A opinion-forming meeting of gastroenterologists from European countries was held in Maastricht in September 1996, organised by the European Helicobacter Pylori Clinical Study Group. The Maastricht Consensus Report published at this meeting sets out the diseases in which Helicobacter pylori infection should be treated in Europe.
Table 15. Recommendation of the Maastricht Consensus Report on the eradication treatment of Helicobacter pylori (12-13 September 1996) | ||
Disease | Proposal from | Scientific data |
Gastric and duodenal ulcers (chronic and acute) | proposed | Clear |
MALT-nyirokdaganatok | proposed | Clear |
Severe gastritis | proposed | supported by |
After surgery for early stomach cancer | proposed | supported by |
Non-ulcerative indigestion | councillor | dubious |
Stomach cancer in the patient's family | councillor | dubious |
Long-term PPI treatment for oesophageal reflux disease | councillor | supported by |
Treatment with non-steroidal anti-inflammatory drugs | councillor | dubious |
After surgery for ulcer disease | councillor | supported by |
Symptom-free individuals | insecure | dubious |
In diseases outside the alimentary canal | insecure | dubious |
Table 15 summarises the proposals of the Maastricht Consensus Conference. The meeting distinguished 3 grades of treatment for the different pathologies: a) strongly recommended; b) advisable; c) uncertain. The existence of scientific data to support the argumentation for the different diseases was also indicated in 3 grades: 1. clear; 2. supported; 3. doubtful.
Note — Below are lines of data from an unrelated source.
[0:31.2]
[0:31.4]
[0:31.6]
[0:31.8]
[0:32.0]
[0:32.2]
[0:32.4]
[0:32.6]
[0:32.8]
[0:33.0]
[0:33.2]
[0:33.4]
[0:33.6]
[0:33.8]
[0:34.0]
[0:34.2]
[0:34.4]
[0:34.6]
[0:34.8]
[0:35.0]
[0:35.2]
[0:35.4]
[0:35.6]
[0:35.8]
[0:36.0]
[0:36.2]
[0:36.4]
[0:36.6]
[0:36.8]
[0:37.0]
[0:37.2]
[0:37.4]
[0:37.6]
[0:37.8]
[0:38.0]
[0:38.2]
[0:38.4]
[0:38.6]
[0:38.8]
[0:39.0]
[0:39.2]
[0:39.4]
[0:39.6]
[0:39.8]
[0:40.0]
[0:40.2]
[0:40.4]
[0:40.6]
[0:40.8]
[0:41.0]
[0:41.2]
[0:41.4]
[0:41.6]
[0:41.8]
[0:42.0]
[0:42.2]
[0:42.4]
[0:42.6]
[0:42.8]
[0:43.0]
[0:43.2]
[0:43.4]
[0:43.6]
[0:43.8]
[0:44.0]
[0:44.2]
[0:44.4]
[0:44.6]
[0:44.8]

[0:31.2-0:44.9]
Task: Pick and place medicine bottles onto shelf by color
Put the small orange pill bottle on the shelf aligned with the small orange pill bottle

The Virginia Report was the official opinion of US gastroenterologists on this issue in 1997. It differed from the Maastricht Consensus on two points:
- gave priority to two-week treatment instead of one-week treatment
- acknowledged the place of ranitidine bismuth citrate among the first-line eradication treatments of choice.
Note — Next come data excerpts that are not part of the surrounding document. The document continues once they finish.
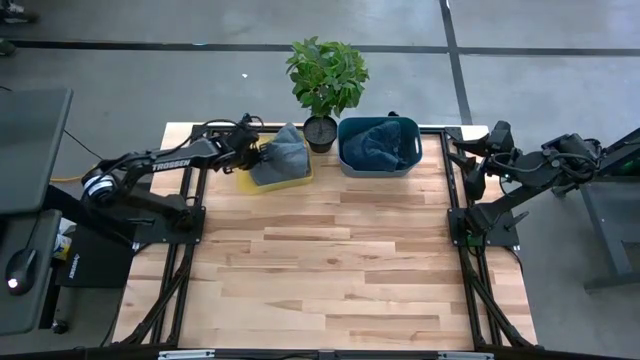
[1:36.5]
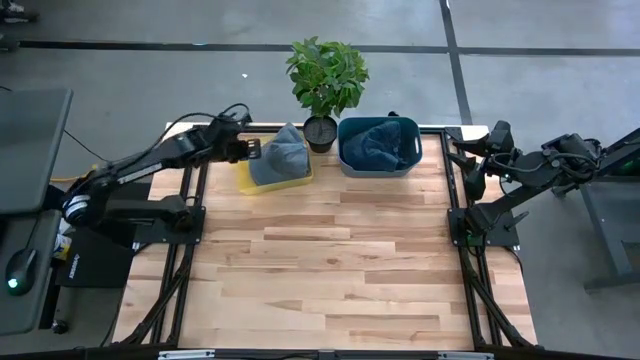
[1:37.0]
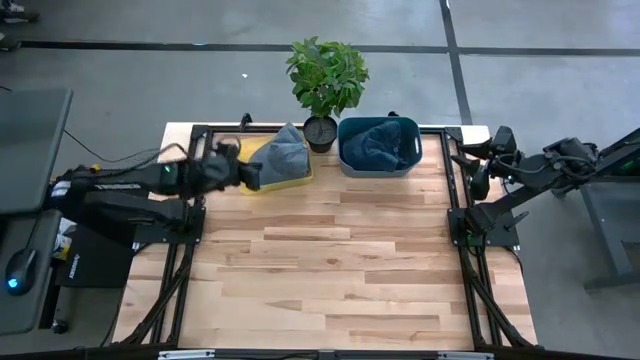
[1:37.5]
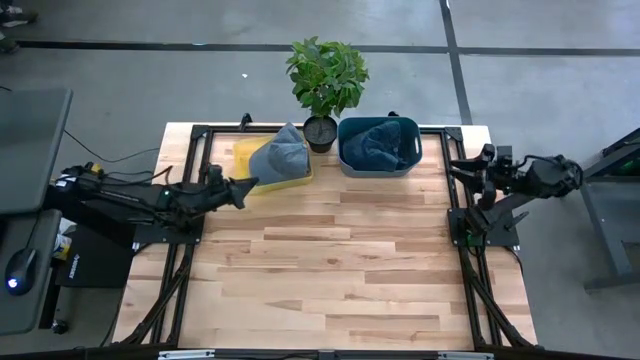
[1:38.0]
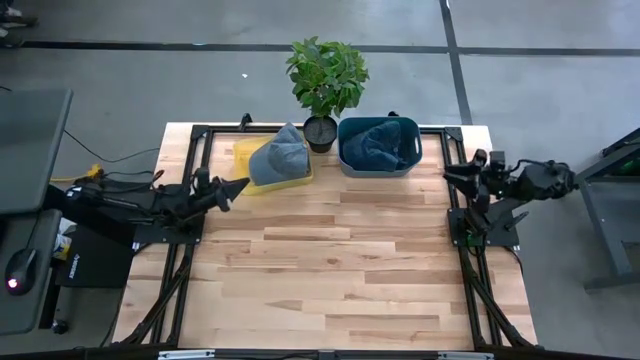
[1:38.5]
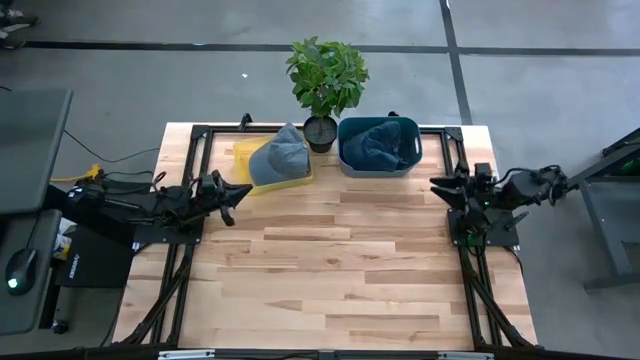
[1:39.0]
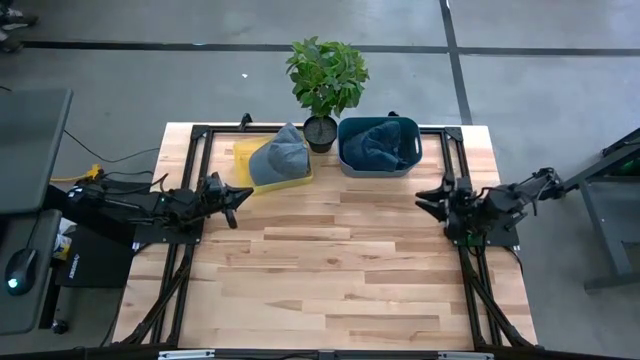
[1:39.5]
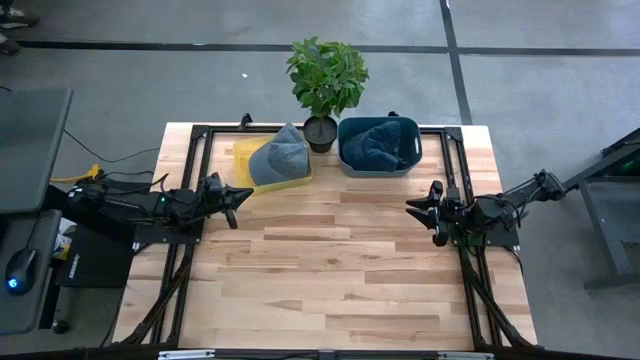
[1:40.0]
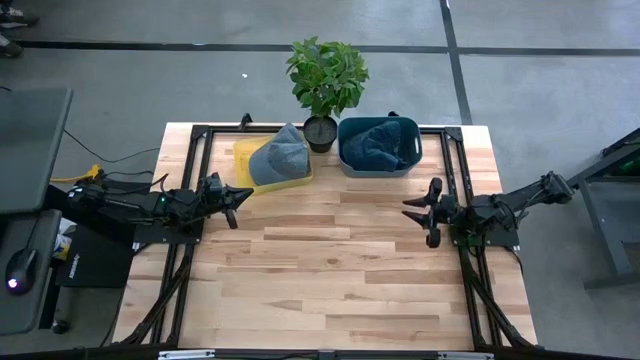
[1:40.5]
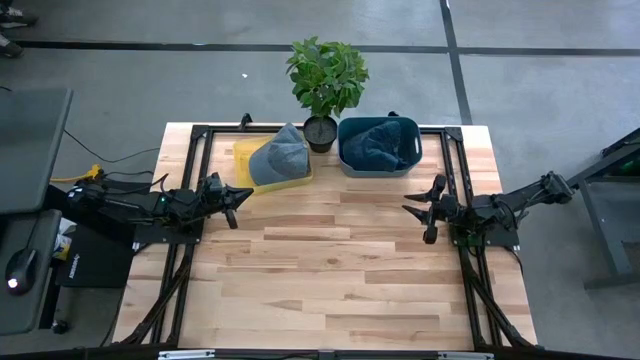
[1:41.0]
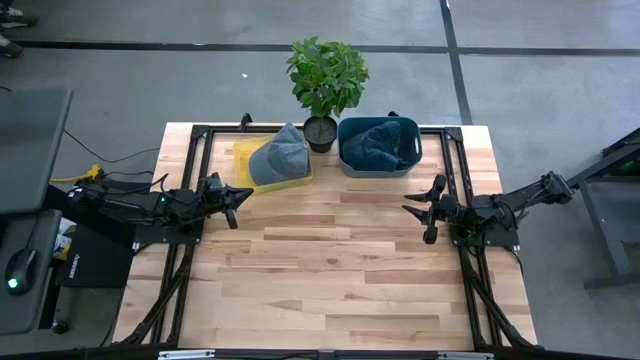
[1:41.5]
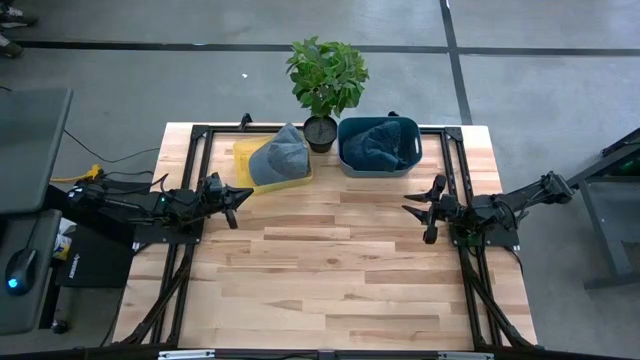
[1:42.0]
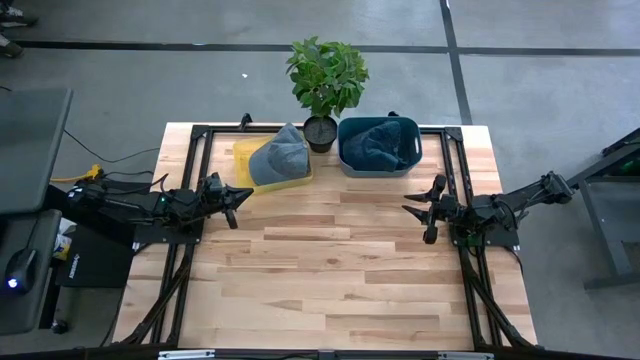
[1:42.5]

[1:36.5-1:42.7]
Task: Pick & Place hat
Return to Home Position

Taking into account these recommendations, the Hungarian Gastroenterology Professional Committee has identified the need for eradication of Helicobacter pylori in the following points:
Bacterial eradication is strongly recommended in duodenal and gastric ulcers, in low-malignant MALT lymphoma (a cancer of the mucosal lymphatic system), in atrophic gastritis (an atrophic gastritis of the gastric mucosa), following surgery for gastric cancer, in first-degree relatives of gastric cancer patients, or at the patient's request.
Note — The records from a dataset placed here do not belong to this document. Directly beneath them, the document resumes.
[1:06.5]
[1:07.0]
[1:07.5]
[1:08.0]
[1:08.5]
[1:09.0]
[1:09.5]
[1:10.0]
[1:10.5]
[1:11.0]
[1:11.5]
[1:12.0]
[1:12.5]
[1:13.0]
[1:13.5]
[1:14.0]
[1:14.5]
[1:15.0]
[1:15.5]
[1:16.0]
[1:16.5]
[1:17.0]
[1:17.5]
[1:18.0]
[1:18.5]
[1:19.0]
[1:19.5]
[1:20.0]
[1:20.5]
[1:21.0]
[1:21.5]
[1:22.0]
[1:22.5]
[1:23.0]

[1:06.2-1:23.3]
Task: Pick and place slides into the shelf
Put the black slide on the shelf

It is recommended for the treatment of bacterial infection in functional dyspepsia (a digestive disorder without organ abnormalities), gastro-oesophageal reflux disease and before starting long-term non-steroidal anti-inflammatory drug (NSAID) treatment.
Helicobacter pylori infection can be treated with a combination of antibiotics and antacids. However, it is important to know that the success rate for eradication of the bacteria is 75% for first-line treatment, 36% for second-line treatment and 20% for third-line treatment at best. The bismuth-containing preparations included in the international recommendations are currently not available in the factory but only in the so-called magistral form. This means that they can only be obtained as a solution prepared by a pharmacist according to the doctor's instructions.
As the duration of the antibiotic combination treatments used can vary between 7-14 days, it is strongly recommended to include probiotics (e.g. Normaflor).
In our article we quoted our medical director on several points, Dr.Alajos Takáts: Patient education book on ulcer disease (Springer Publishers, 1998), with updates by the author.